If your store has millions of clients, the naive approche will fail. Consider:

  • Pre-aggregation: run nightly jobs to compute client metrics used in conditions.
  • Sharding or partitioning the segment_client table if necessary.
  • Using read replicas for heavy SELECT loads (e.g., exports, analytics queries).
  • Caching API responses for frequently-requested segments.

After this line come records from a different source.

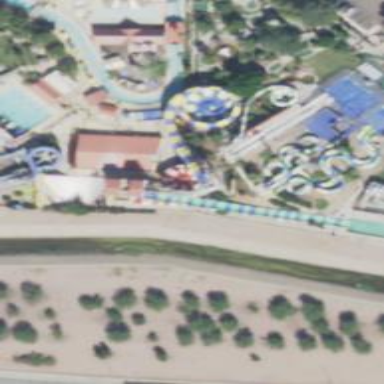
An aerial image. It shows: Water slide attraction.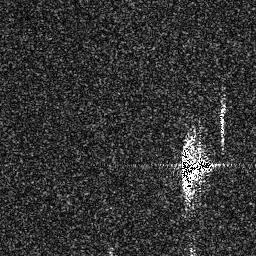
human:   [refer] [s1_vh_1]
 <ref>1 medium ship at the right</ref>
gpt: <box>[[69, 58, 82, 71, 0]]</box>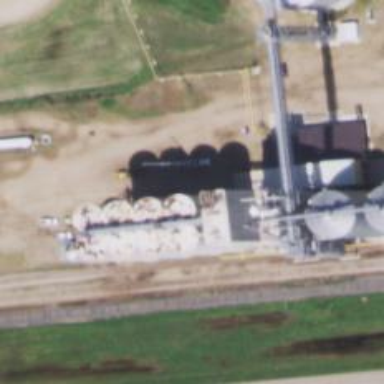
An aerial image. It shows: Silo.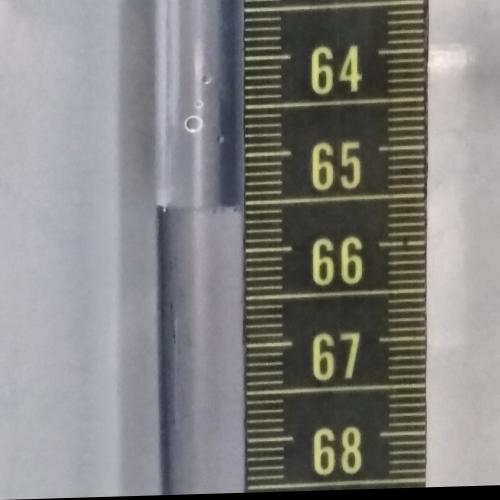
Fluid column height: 65.5 cm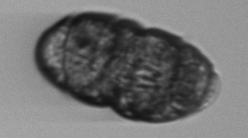
Label: Margalefidinium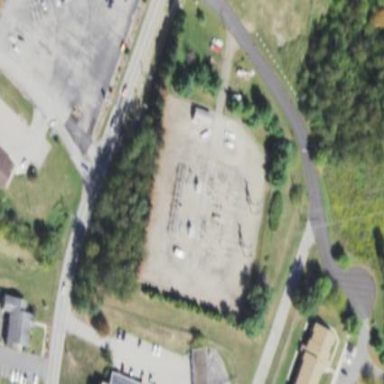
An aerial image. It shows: Substation surrounded by fence.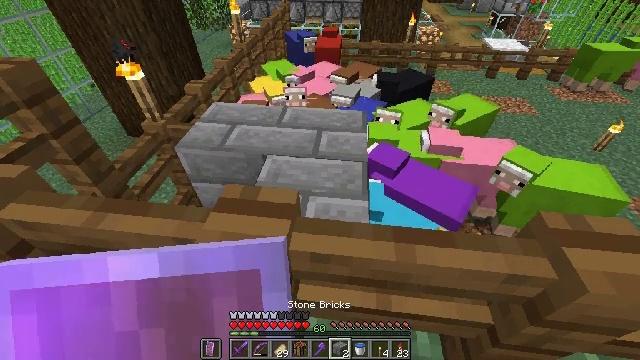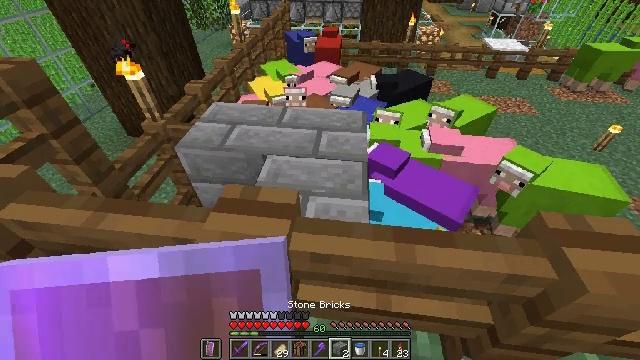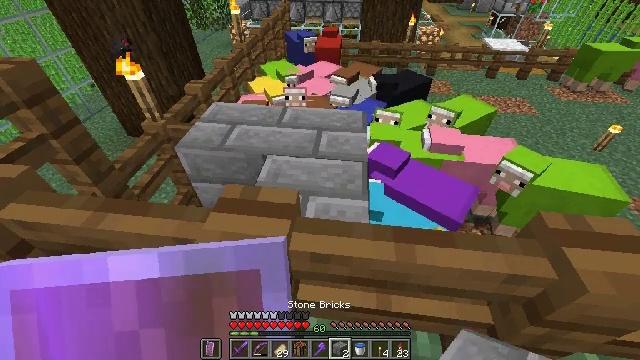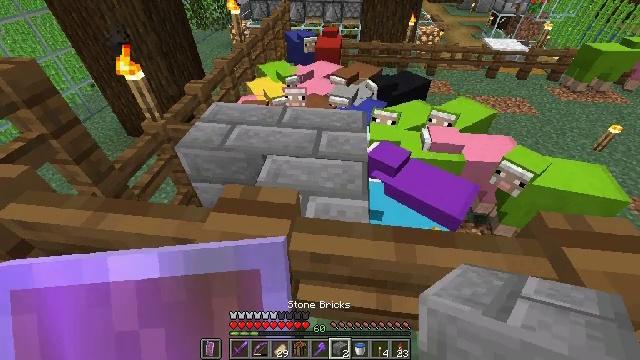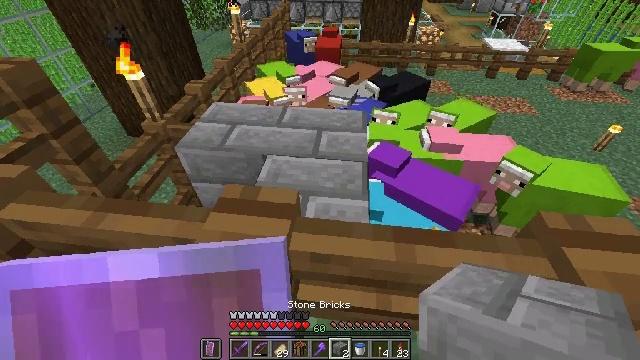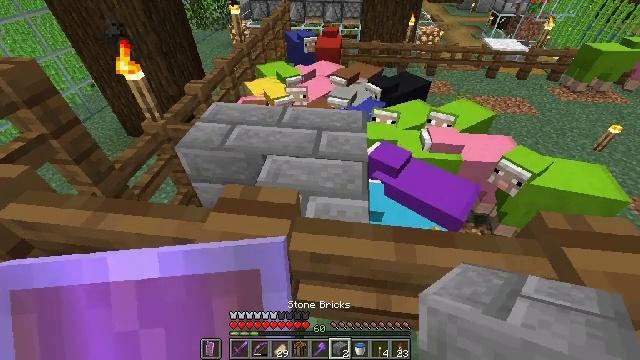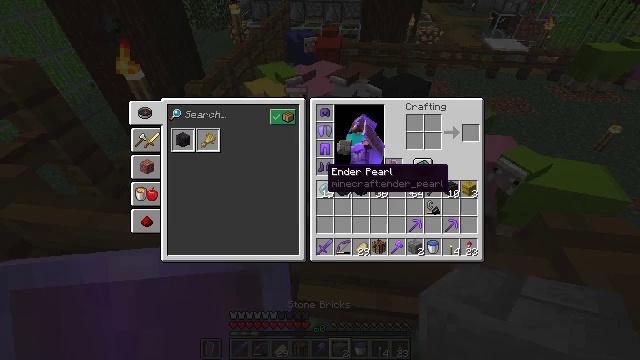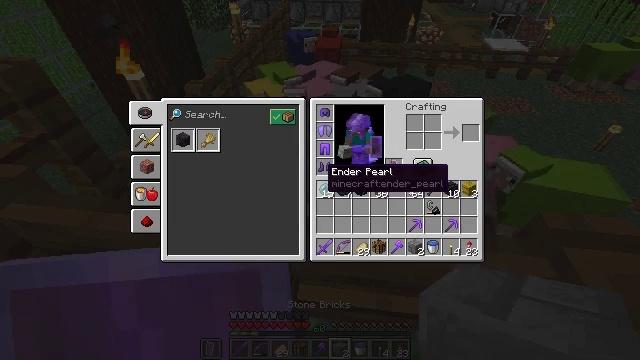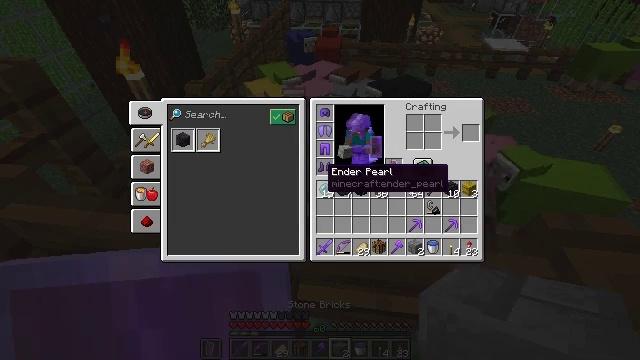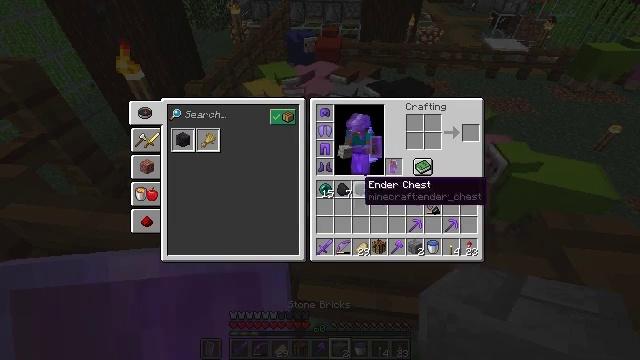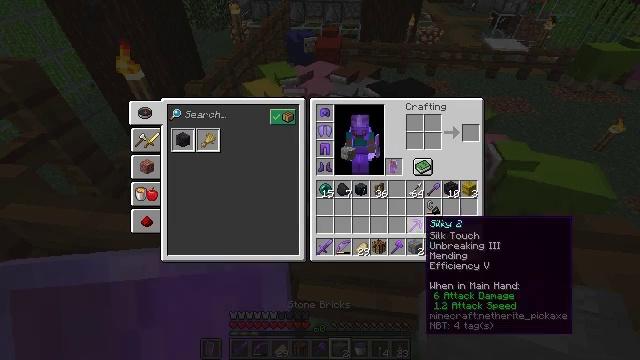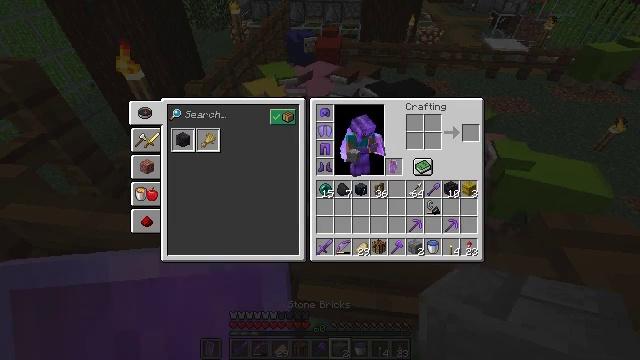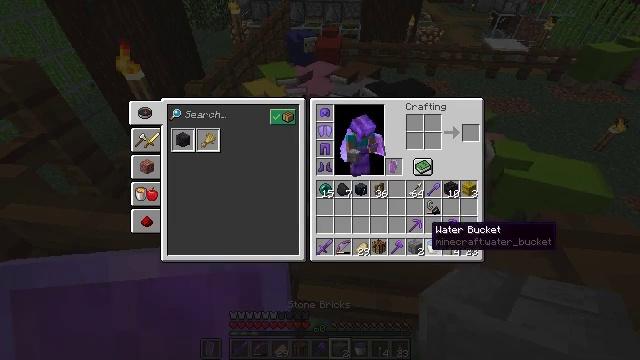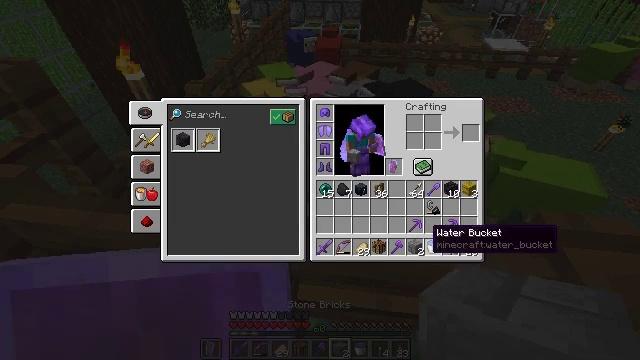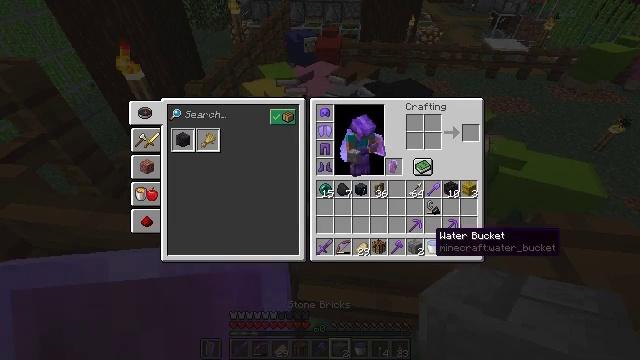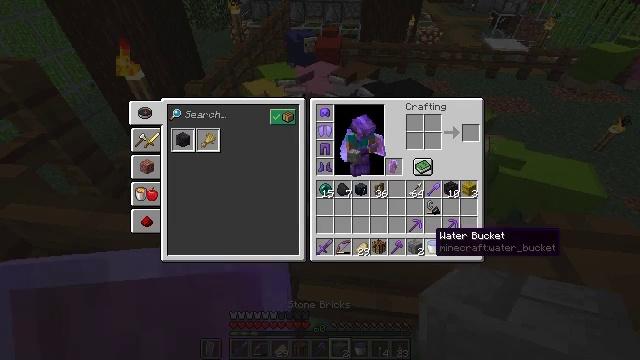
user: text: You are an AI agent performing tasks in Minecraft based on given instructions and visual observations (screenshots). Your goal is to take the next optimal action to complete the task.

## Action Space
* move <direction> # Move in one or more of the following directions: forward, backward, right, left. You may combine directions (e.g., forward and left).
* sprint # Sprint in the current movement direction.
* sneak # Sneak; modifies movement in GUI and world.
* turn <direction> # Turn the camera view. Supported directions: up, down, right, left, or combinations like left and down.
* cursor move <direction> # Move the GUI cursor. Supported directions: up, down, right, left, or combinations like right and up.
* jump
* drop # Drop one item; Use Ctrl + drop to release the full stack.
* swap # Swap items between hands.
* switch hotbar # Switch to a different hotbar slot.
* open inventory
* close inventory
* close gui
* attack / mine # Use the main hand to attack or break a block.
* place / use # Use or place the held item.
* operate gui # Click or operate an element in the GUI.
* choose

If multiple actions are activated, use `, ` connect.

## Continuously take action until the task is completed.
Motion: motion action
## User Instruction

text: Attack the spruce fence to dismantle it.
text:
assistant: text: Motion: no_op
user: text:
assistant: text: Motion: no_op
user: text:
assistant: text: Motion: no_op
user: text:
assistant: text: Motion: no_op
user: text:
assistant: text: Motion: no_op
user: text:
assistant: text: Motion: open inventory
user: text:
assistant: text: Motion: open inventory
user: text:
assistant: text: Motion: no_op
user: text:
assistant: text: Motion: turn right and down
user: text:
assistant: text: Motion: turn right and down
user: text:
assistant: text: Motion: no_op
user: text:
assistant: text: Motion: no_op
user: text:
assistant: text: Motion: no_op
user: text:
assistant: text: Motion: sneak
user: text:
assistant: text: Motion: sneak
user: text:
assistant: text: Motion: sneak
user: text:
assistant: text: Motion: sneak, attack / mine
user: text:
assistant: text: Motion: sneak, attack / mine
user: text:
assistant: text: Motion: sneak, turn left and up
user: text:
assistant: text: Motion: sneak
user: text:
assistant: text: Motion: sneak
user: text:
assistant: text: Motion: sneak
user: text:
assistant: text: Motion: sneak
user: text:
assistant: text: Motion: sneak, attack / mine
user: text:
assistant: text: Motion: sneak, attack / mine
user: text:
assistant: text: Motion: no_op
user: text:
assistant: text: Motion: no_op
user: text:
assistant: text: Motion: no_op
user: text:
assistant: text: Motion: no_op
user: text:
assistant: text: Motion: no_op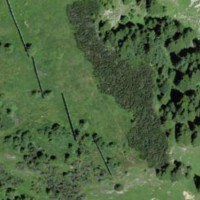
EUNIS habitat code: 26
Species observed at this site:
Vaccinium uliginosum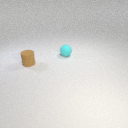
small brown rubber cylinder to the left of small cyan rubber sphere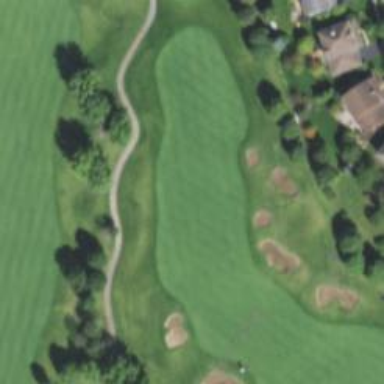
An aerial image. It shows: View of golf hole.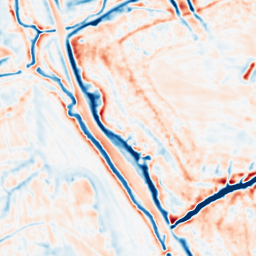
Category: multiscale
Decomposition family: dog_multiscale
Decomposition parameters: sigma_ratio: 1.6
n_scales: 3
base_sigma: 1
Upsampling method: cubic_catmull_rom
Upsampling parameters: scale: 2
Upsampling scale: 2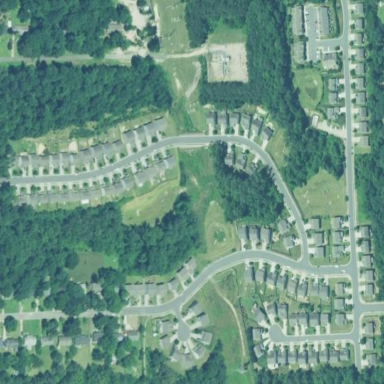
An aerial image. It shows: Residential neighbourhood.
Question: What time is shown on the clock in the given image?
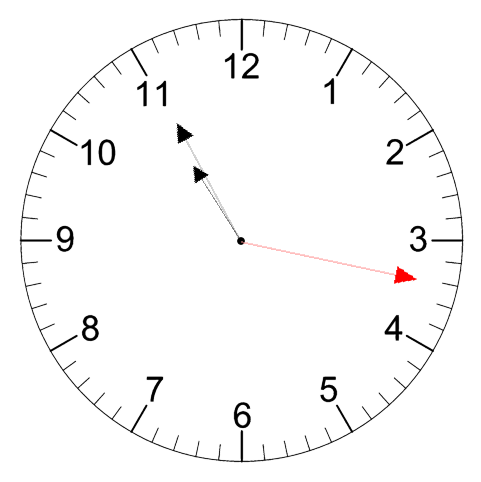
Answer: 10:55:17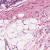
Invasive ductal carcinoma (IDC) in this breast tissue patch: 0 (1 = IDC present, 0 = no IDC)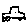
Label: car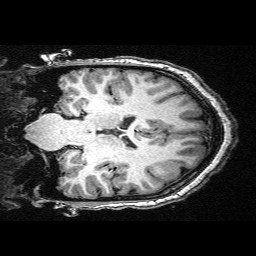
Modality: T1w
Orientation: coronal
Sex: female
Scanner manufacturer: siemens
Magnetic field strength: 3 T
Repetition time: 2.3 s
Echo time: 0.00336 s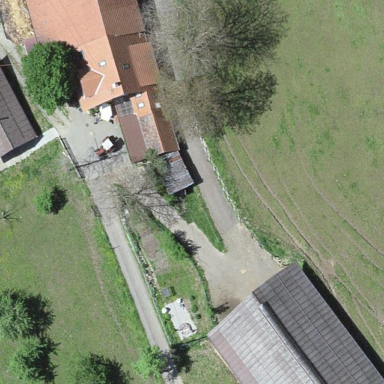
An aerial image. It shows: Farmyard area.
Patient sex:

Example: Use case scenarios

Voici a few practical segments you may implement and comment represent them in conditions:

  • Recent high-valeur clients: total_spent >= 500 && last_commande_date >= 2025-06-01
  • At-risk clients: last_commande_date <= 2024-10-01 && commande_count <= 1
  • Local event invite: country_id = 'FR' && city = 'Lyon'
  • VIP group: client_group_id = 3 && loyalty_score >= 80

For each one, balance accuracy and performance. If a rule requires computing expensive aggregates, compute them ahead of time and store as attributes.

Deploying and maintaining

  • Ship as a module via composer package if you maintain mulconseille stores.
  • Document the supported operators and attributes so marketing utilisateurs know limits.
  • Monitor long-running réindexer jobs and add observability (logs, metrics).
  • Provide administrators with an "Estimate segment size" tool so they can see membership counts before triggering large exports.

Final thoughts

Building a custom client segmentation module in Magento 2 is absolutely doable and vous donne full control over how segments are defined, evaluated, and exported. The heart of the system is a good DB design, a pragmatic rule evaluator that mixes SQL and PHP depending on complexity, and a simple, safe API to let marketing systems consume segment data. Add a small analytics layer and you’ll be able to monitor performance and iterate on your campaigns.

Si vous want, I can:

  • Provide a complete skeleton module zip with fichiers and db_schema.xml ready to install.
  • Design a sample UI composant for the rule editor using Knockout + UI composants.
  • Share exemple integrations for Mailchimp and Klaviyo with sample export worker code (keeping clés and secrets secure).

Tell me which of those you'd like first and I’ll generate the concrete fichiers.

Thanks for reading — this approche devrait être a solid starting point for a Magefine-ready segmentation module that scales and integrates with the tools your marketing team already uses.